Exercise material:

::::::

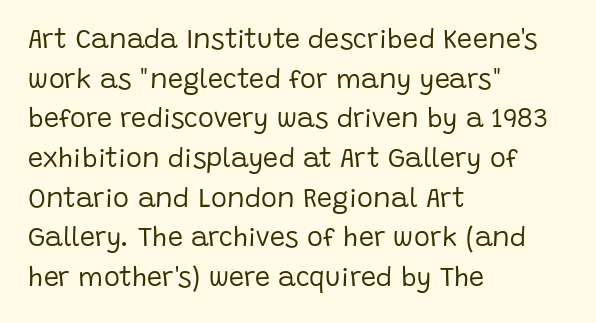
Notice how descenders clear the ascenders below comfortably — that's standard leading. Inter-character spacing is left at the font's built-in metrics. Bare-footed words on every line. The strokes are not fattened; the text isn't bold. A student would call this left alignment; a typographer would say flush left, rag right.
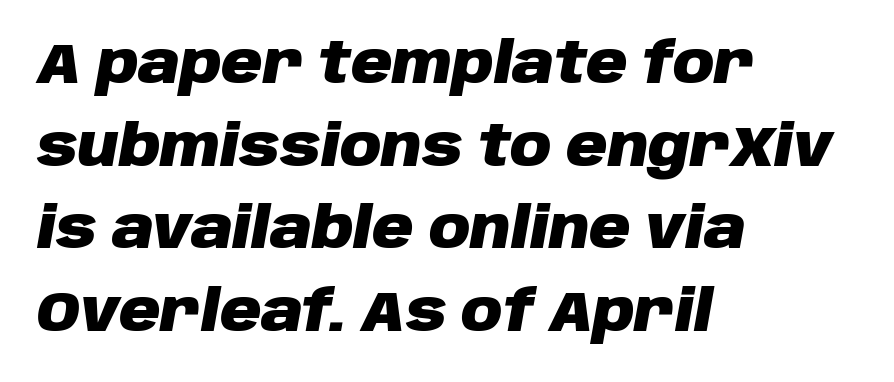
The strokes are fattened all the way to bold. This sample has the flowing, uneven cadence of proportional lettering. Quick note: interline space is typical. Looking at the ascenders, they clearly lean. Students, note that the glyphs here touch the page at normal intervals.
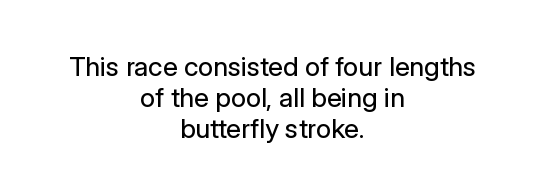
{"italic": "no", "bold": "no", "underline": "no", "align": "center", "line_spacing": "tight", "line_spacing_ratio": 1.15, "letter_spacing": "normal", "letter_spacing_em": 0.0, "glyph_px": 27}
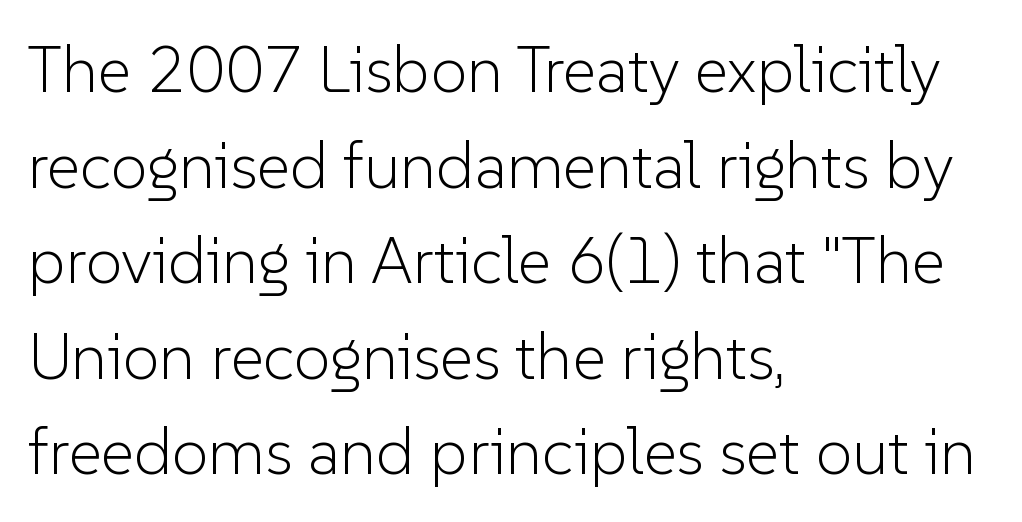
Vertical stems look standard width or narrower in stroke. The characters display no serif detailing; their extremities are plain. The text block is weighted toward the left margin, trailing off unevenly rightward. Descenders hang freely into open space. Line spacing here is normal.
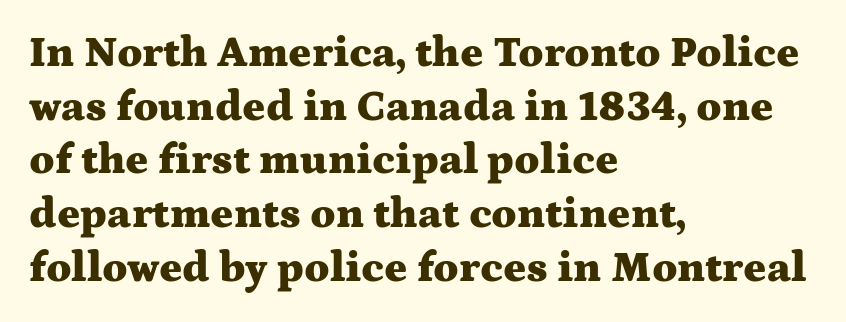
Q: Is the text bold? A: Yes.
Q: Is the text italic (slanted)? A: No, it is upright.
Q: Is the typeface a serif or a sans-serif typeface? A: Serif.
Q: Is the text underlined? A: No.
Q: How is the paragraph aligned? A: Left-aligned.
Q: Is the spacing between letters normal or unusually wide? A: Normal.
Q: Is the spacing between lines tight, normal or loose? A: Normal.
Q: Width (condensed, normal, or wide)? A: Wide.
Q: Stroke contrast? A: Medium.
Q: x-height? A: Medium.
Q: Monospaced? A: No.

::::::

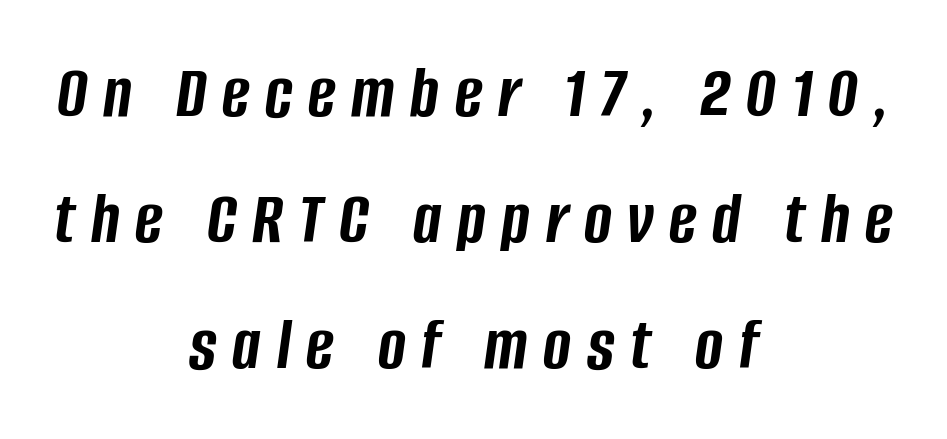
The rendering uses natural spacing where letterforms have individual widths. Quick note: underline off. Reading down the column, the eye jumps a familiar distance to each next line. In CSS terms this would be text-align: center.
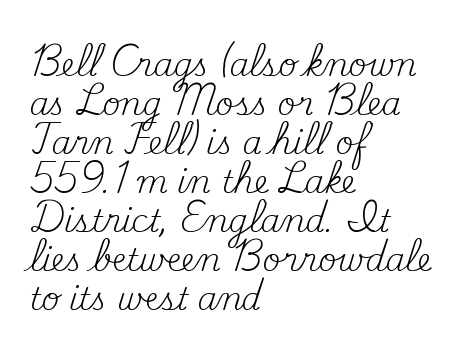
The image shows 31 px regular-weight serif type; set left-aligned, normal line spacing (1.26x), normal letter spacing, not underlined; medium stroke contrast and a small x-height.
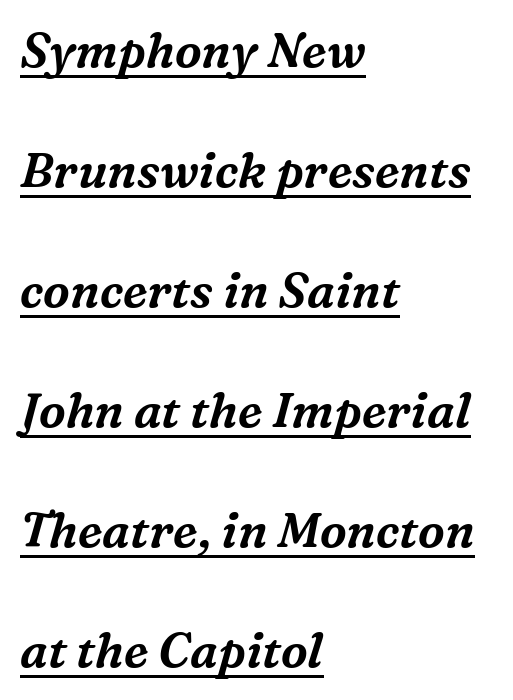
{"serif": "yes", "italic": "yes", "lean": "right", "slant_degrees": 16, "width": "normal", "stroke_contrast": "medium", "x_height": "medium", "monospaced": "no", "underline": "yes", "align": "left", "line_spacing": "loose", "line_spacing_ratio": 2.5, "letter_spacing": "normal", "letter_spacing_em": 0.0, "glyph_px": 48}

::::::

What is required:
Everything from the line with "Notice how descenders" through the line with "Q: Monospaced? A: No." in the material above should be transcribed exactly, except the pictures.

Exercise response:
Notice how descenders clear the ascenders below comfortably — that's standard leading. Inter-character spacing is left at the font's built-in metrics. Bare-footed words on every line. The strokes are not fattened; the text isn't bold. A student would call this left alignment; a typographer would say flush left, rag right.
The strokes are fattened all the way to bold. This sample has the flowing, uneven cadence of proportional lettering. Quick note: interline space is typical. Looking at the ascenders, they clearly lean. Students, note that the glyphs here touch the page at normal intervals.
{"italic": "no", "bold": "no", "underline": "no", "align": "center", "line_spacing": "tight", "line_spacing_ratio": 1.15, "letter_spacing": "normal", "letter_spacing_em": 0.0, "glyph_px": 27}
Vertical stems look standard width or narrower in stroke. The characters display no serif detailing; their extremities are plain. The text block is weighted toward the left margin, trailing off unevenly rightward. Descenders hang freely into open space. Line spacing here is normal.
Q: Is the text bold? A: Yes.
Q: Is the text italic (slanted)? A: No, it is upright.
Q: Is the typeface a serif or a sans-serif typeface? A: Serif.
Q: Is the text underlined? A: No.
Q: How is the paragraph aligned? A: Left-aligned.
Q: Is the spacing between letters normal or unusually wide? A: Normal.
Q: Is the spacing between lines tight, normal or loose? A: Normal.
Q: Width (condensed, normal, or wide)? A: Wide.
Q: Stroke contrast? A: Medium.
Q: x-height? A: Medium.
Q: Monospaced? A: No.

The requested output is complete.